Verhoeven's studies were only taken seriously at the end of the 1970s, after he was visited by Paul Sondaar (1934-2003) from the University of Utrecht , a student of Gustav Heinrich Ralph von Koenigswald, in connection with his findings on Flores . In 1992 and 1994, field studies by Sondaar, Fachroel Aziz and others actually showed that stone tools and Stegodon bones recovered from Mata Menge are around 730,000 years old; but this dating was also initially doubted by experts. Only after an age determination of further finds by zirconium fissure trace dating was published in the scientific journal Nature , the interpretation of the finds by Flores, as published by Verhoeven 40 years earlier, was recognized. The subsequent, targeted search for further traces of this early colonization by Homo led to the discovery of Homo floresiensis in the Liang Bua cave in 2003 .

In addition to the excavations in the Soa Basin, Verhoeven had archaeologically examined numerous limestone caves, including Liang Bua, Liang Panas, Liang Michael, Liang Momer, Liang Toge, Batu Cermin, Liang Melima and Liang Tekip.


After Theodorus Verhoeven, a fossilized species of the Flores giant rats that has been endemic to the island of Flores was named, Papagomys theodorverhoeveni .

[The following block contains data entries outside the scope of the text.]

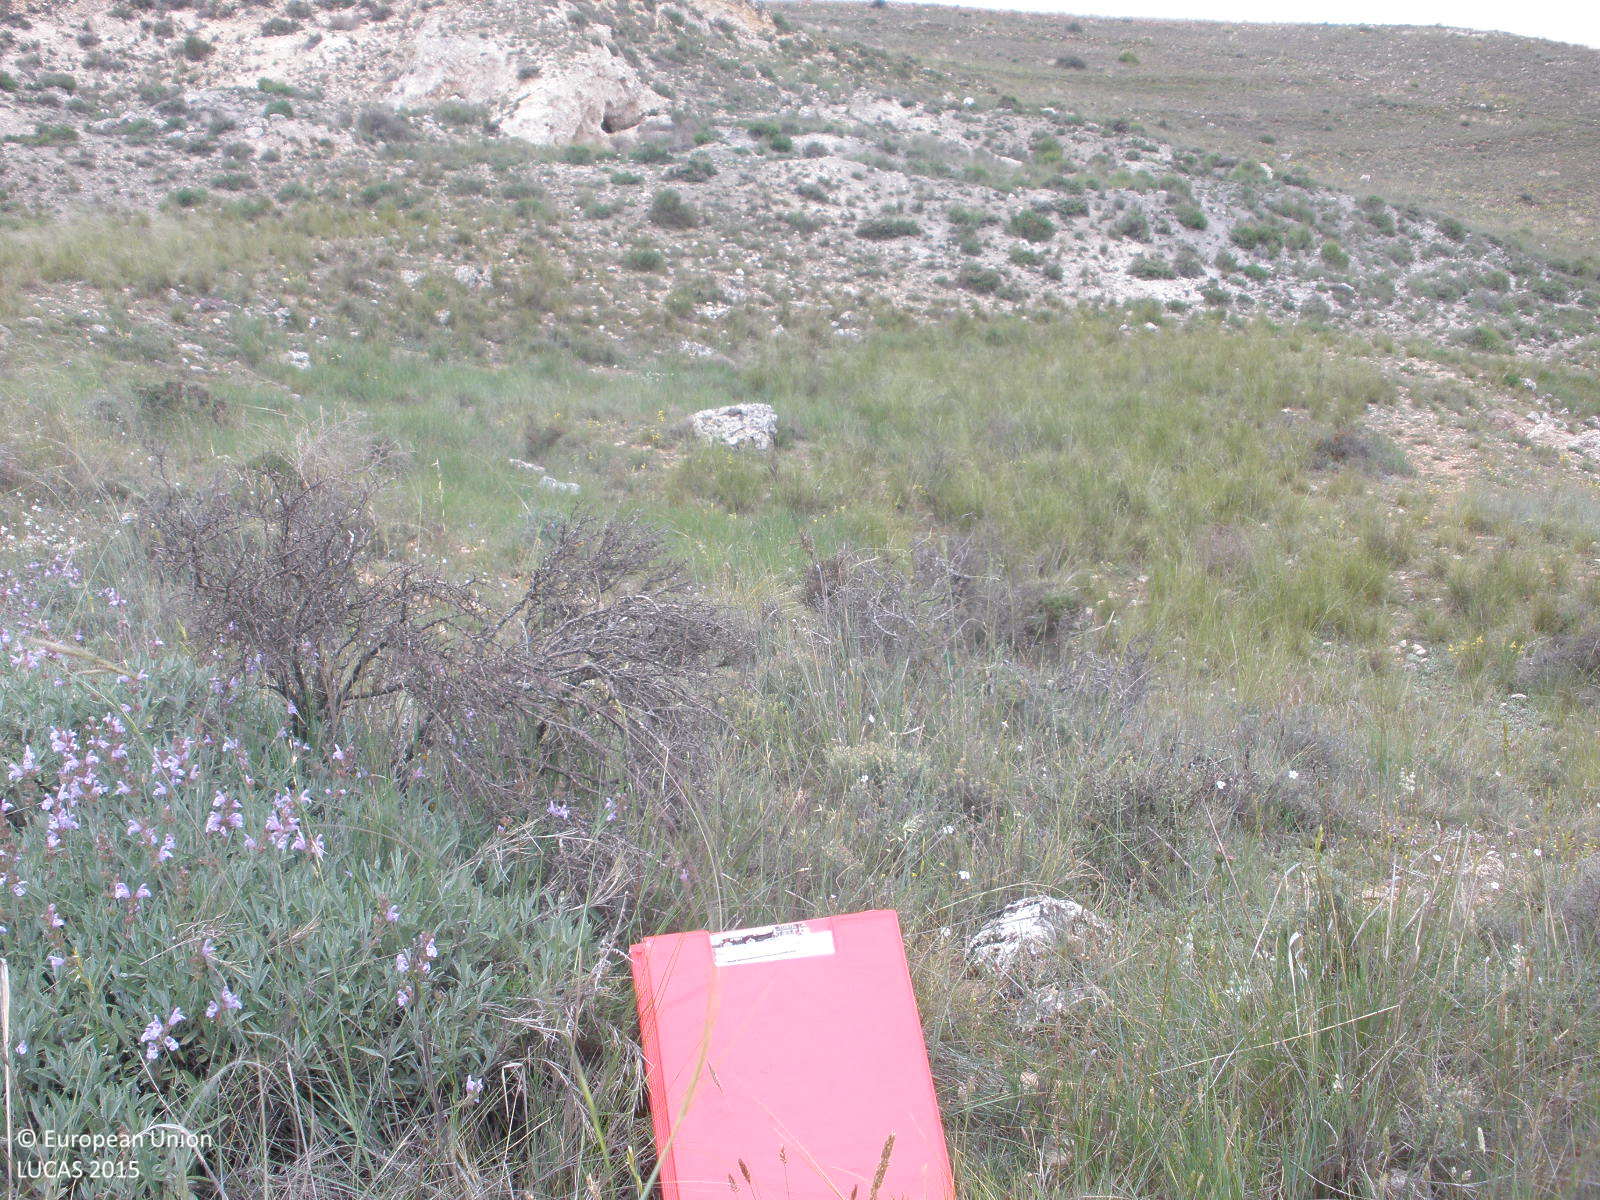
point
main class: Shrubland
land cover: Shrubland without tree cover
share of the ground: 25 - 50 %
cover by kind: herbaceous plants 60 %, shrubs 40 %
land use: Agriculture (excluding fallow land and kitchen gardens)
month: June
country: ES
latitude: 40.5044
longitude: -0.9978

  • Robert G. Bednarik: The maritime dispersal of Pleistocene humans. In: Migration and Diffusion. Volume 3, No. 10, 2002, pp. 6–33, full text (PDF)
  • Knepper, Gert M. (2019): Floresmens - Het leven van Theo Verhoeven, missionaris en archeoloog . ISBN 978-9-46-3892476 (Boekscout, Soest, Netherlands) (= Verhoevens biography, in Dutch)

Web links

Individual evidence

  1. Bo Beolens, Michael Watkins, Michael Grayson: The eponym dictionary of mammals. The Johns Hopkins University Press, Baltimore 2009, ISBN 978-0-8018-9304-9 , p. 428
  2. a b Mike J. Morwood et al .: Preface: research at Liang Bua, Flores, Indonesia. In: Journal of Human Evolution 57, 2009, pp. 437-449, DOI: 10.1016 / j.jhevol.2009.07.003
  3. a b c Fachroel Aziz, Michael J. Morwood: Introduction: Pleistocene Geology, Palaeontology and Archeology of the Soa Basin, Central Flores, Indonesia. In: Fachroel Aziz, Michael J. Morwood, Gert D. van den Bergh (Eds.): Pleistocene Geology, Palaeontology and Archeology of the Soa Basin, Central Flores, Indonesia. Publication of the Center for Geological Survey, Ministry of Energy and Mineral Resources, Republic of Indonesia, Special Publication No. 36, 2009, pp. 1-17. ISSN  0852-873X
  4. ^ Theodor Verhoeven: Pleistocene finds in Flores. In: Anthropos 53, 1958, pp. 264-265
  5. ^ Theodor Verhoeven: Prehistoric research on Flores, Timor and Sumba. In: Anthropica, memorial to the 100th birthday of P. Wilhelm Schmidt. Studia Instituti Anthropos, Volume 21, St. Augustin 1968, pp. 393-404
  6. Johannes Maringer, Theodor Verhoeven: The stone artifacts from the Stegodon fossil layer from Mengeruda on Flores, Indonesia . In: Anthropos 65, 1970, pp. 229-247.
    Johannes Maringer, Theodor Verhoeven: Note on some stone artifacts in the National Archeological Institute of Indonesia at Djakarta, collected from the Stegodon-fossil bed at Boaleza in Flores. In: Anthropos 65, 1970, pp. 638-639
  7. ^ Paul Yves Sondaar et al .: Changement de faune au Pléistocène moyen et colonization de l'île de Flores (Indonésie) par Homo erectus. In: Comptes rendus de l'Académie des sciences. Series 2. Sciences de la terre et des planètes , Volume 319, No. 10, 1994, pp. 1255-1262, ISSN  1251-8050
  8. Mike J. Morwood et al .: Fission-track ages of stone tools and fossils on the east Indonesian island of Flores. In: Nature 392, 1998, pp. 173–176, DOI: 10.1038 / 32401
    Images of the stone tool finds from Mata Menge discovered in 1994 (from: Mike J. Morwood et al., 1998)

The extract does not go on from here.